Nothing but the lines holding the string "tight" should appear in the answer. Copy them from the entries.

-------- Entries shown

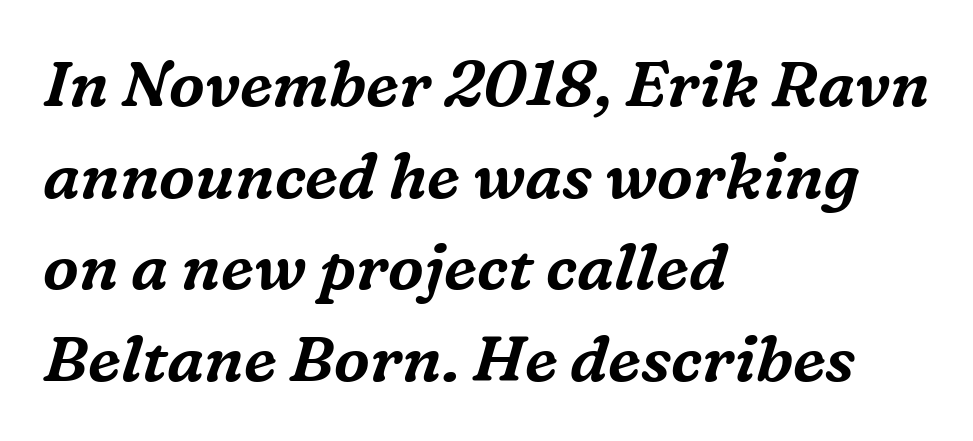
Q: Is the text italic (slanted)? A: Yes, it leans right by about 16 degrees.
Q: Is the typeface a serif or a sans-serif typeface? A: Serif.
Q: Is the text underlined? A: No.
Q: How is the paragraph aligned? A: Left-aligned.
Q: Is the spacing between letters normal or unusually wide? A: Normal.
Q: Is the spacing between lines tight, normal or loose? A: Normal.
Q: Width (condensed, normal, or wide)? A: Normal.
Q: Stroke contrast? A: Medium.
Q: x-height? A: Medium.
Q: Monospaced? A: No.
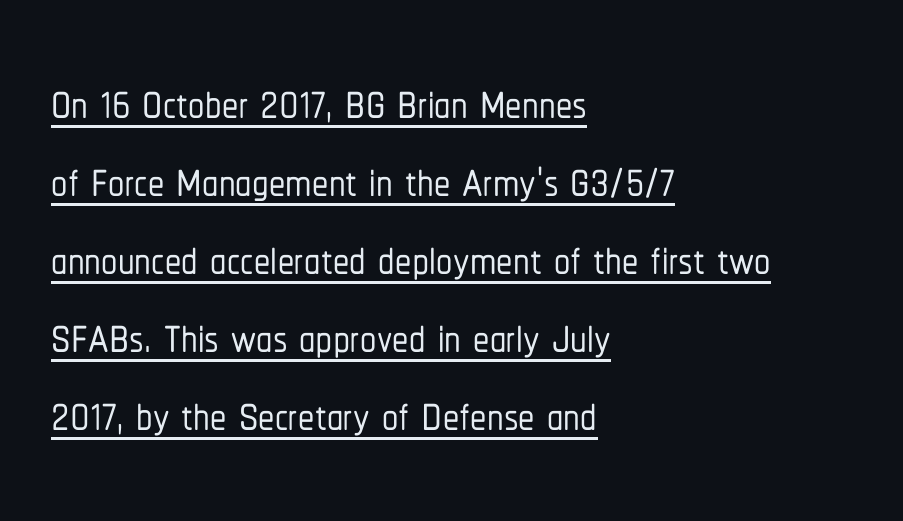
{"serif": "no", "italic": "no", "width": "condensed", "stroke_contrast": "low", "x_height": "medium", "monospaced": "no", "underline": "yes", "align": "left", "line_spacing_ratio": 1.2, "letter_spacing": "normal", "letter_spacing_em": 0.0, "glyph_px": 65}
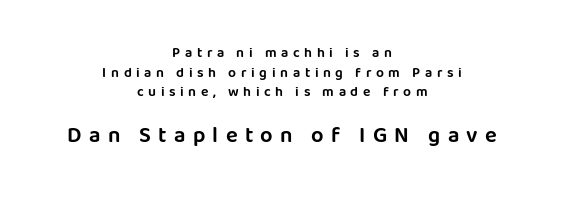
{"italic": "no", "underline": "no", "align": "center", "line_spacing": "normal", "line_spacing_ratio": 1.4, "letter_spacing": "wide", "letter_spacing_em": 0.33, "larger_block": "second", "size_ratio": 1.57, "glyph_px": 22}
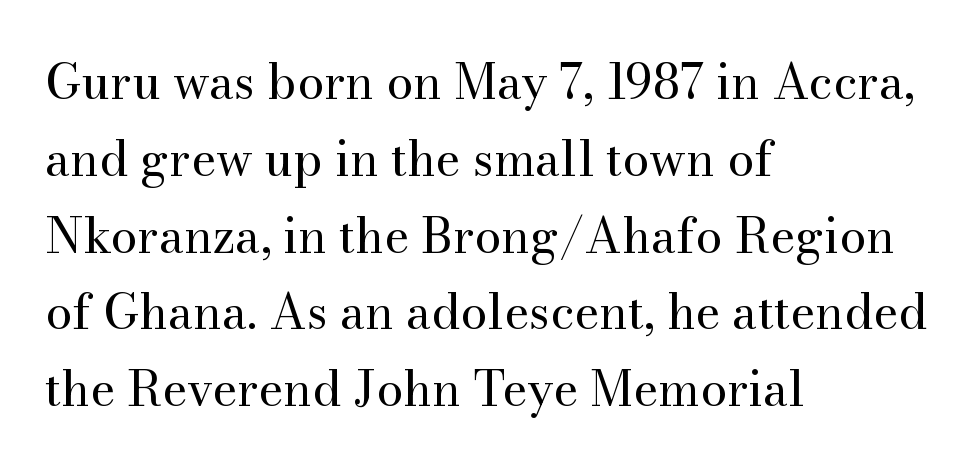
The image shows 48 px regular-weight serif type, upright; set left-aligned, normal line spacing (1.6x), normal letter spacing, not underlined; medium stroke contrast and a small x-height.
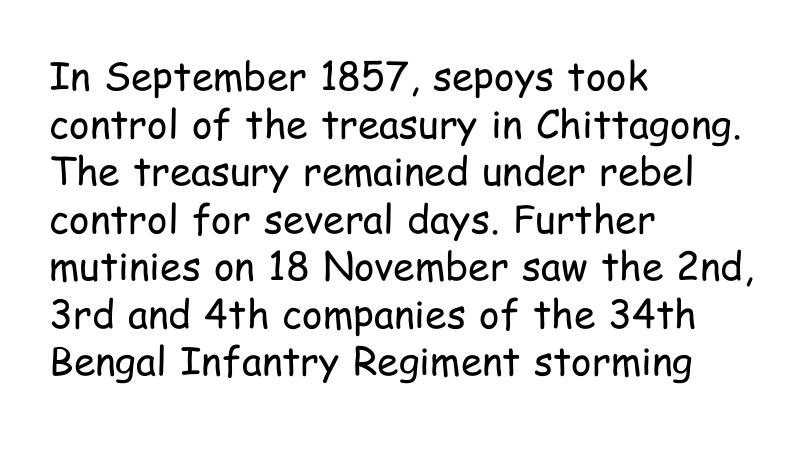
Q: Is the text bold? A: No.
Q: Is the text italic (slanted)? A: No, it is upright.
Q: Is the typeface a serif or a sans-serif typeface? A: Sans-serif.
Q: Is the text underlined? A: No.
Q: How is the paragraph aligned? A: Left-aligned.
Q: Is the spacing between letters normal or unusually wide? A: Normal.
Q: Width (condensed, normal, or wide)? A: Condensed.
Q: Stroke contrast? A: Low.
Q: x-height? A: Medium.
Q: Monospaced? A: No.
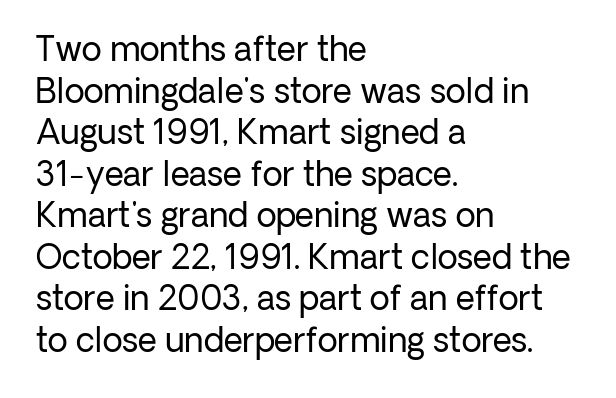
The image shows 33 px regular-weight sans-serif type, upright; set left-aligned, normal line spacing (1.26x), normal letter spacing, not underlined; low stroke contrast and a medium x-height.
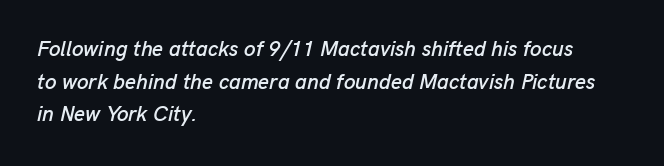
The rag falls on the right side of this text block. Glance below the letters and you will spot only blank space. The gaps between neighbouring characters are ordinary and unremarkable. This sample keeps an unexceptional amount of space between lines. Is the type slanted? Yes — the strokes lean at a clear angle.
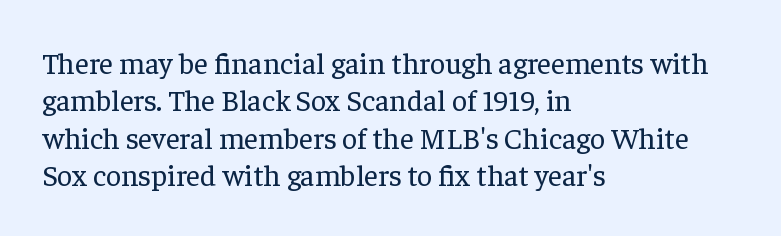
The image shows 30 px regular-weight serif type, upright; set left-aligned, normal line spacing (1.25x), normal letter spacing, not underlined; low stroke contrast and a medium x-height.
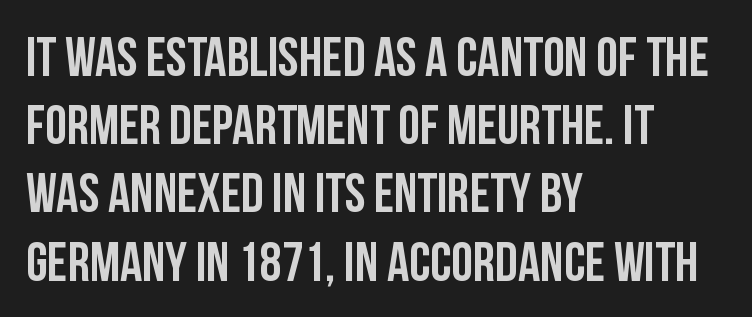
Proportional: the letters do not fall into vertical columns. Here the glyphs are tracked normally, forming tight word shapes. Check the space under the baseline: it is left empty. If you drew a line through each stem, it would be perfectly vertical.
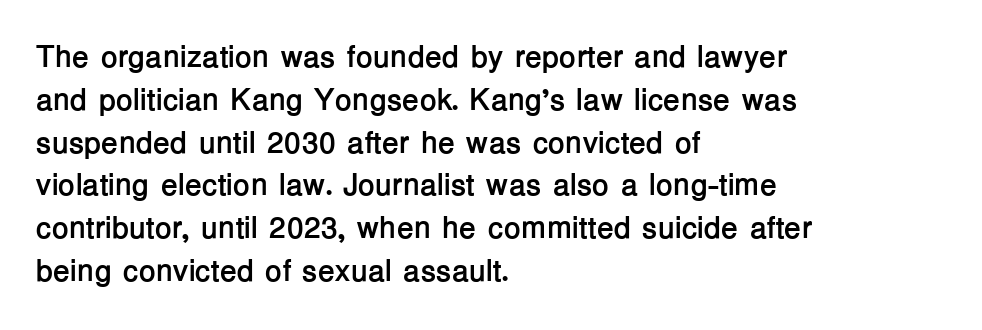
A classic flush-left, rag-right setting is used for this passage. Ascenders rise straight up at ninety degrees. Check where the strokes stop: nothing finishes them off — pure sans. This rendering leaves character spacing at its baseline value. The characters look thick and weighty, a clear bold. This rendering features lettering with no underline.
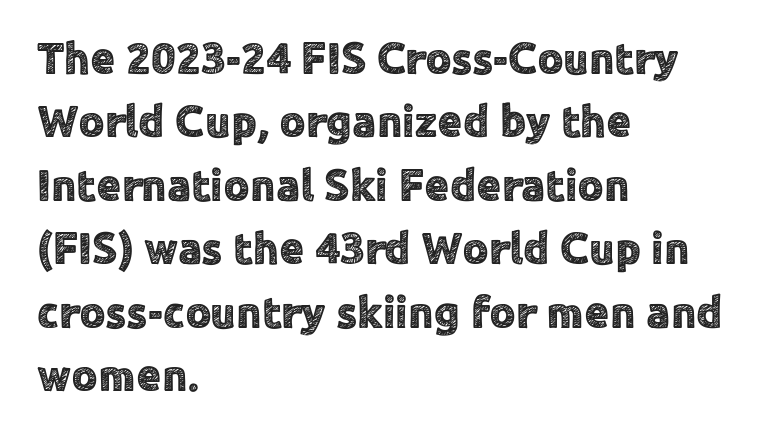
The image shows 45 px sans-serif type, upright; set left-aligned, normal line spacing (1.41x), normal letter spacing, not underlined; a medium x-height.
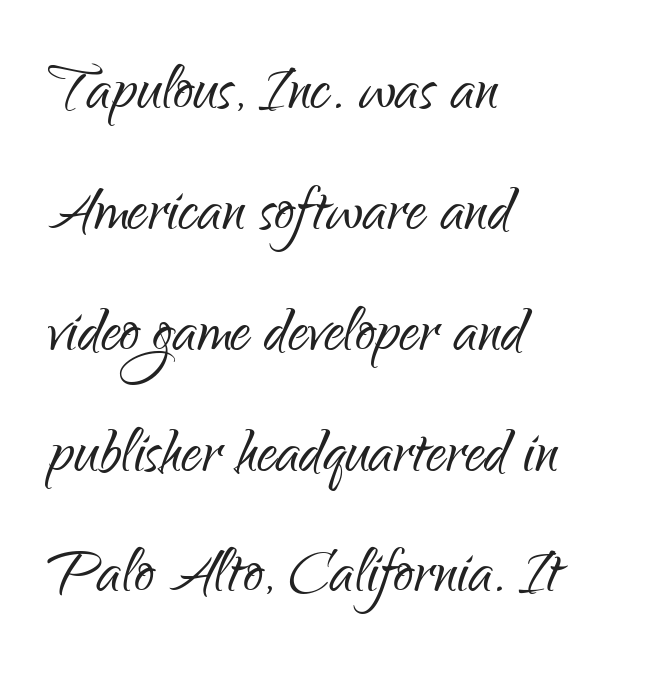
{"serif": "no", "bold": "no", "weight": "light", "width": "condensed", "stroke_contrast": "low", "x_height": "small", "monospaced": "no", "underline": "no", "align": "left", "line_spacing": "normal", "line_spacing_ratio": 1.53, "letter_spacing": "normal", "letter_spacing_em": 0.0, "glyph_px": 79}
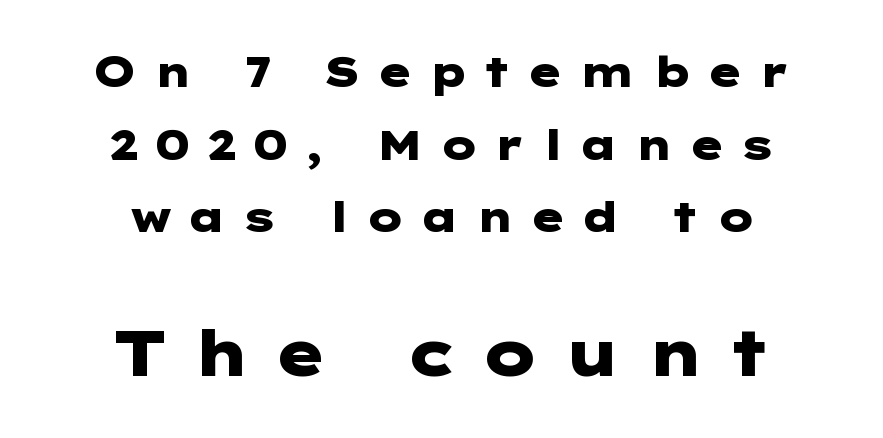
The image shows 63 px heavy, wide sans-serif type, upright; set centered, line spacing 1.73x, unusually wide letter spacing (+0.35 em), not underlined; the second (bottom) block is 1.5x larger; low stroke contrast and a medium x-height.
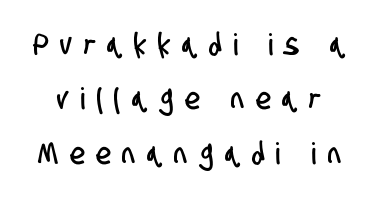
Underline: absent. These lines have a slow, spaced-out rhythm from letter to letter. This sample has the flowing, uneven cadence of proportional lettering. Note: no serifs on the glyphs.
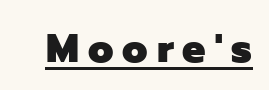
Proportional: the letters do not fall into vertical columns. Nothing sits at the stroke ends, so this counts as sans-serif. The rendering uses the underline text-decoration. The letterforms stand isolated, each surrounded by extra space. Posture: straight, roman, zero tilt. Compared with an ordinary text face, these strokes are far heavier — a full bold.
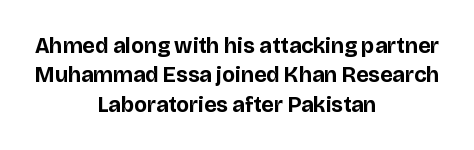
{"italic": "no", "bold": "yes", "underline": "no", "align": "center", "line_spacing": "normal", "line_spacing_ratio": 1.33, "letter_spacing": "normal", "letter_spacing_em": 0.0, "glyph_px": 22}

----------------

▶ **Exercise answer**
Q: Is the spacing between lines tight, normal or loose? A: Normal.
Proportional: the letters do not fall into vertical columns. Here the glyphs are tracked normally, forming tight word shapes. Check the space under the baseline: it is left empty. If you drew a line through each stem, it would be perfectly vertical.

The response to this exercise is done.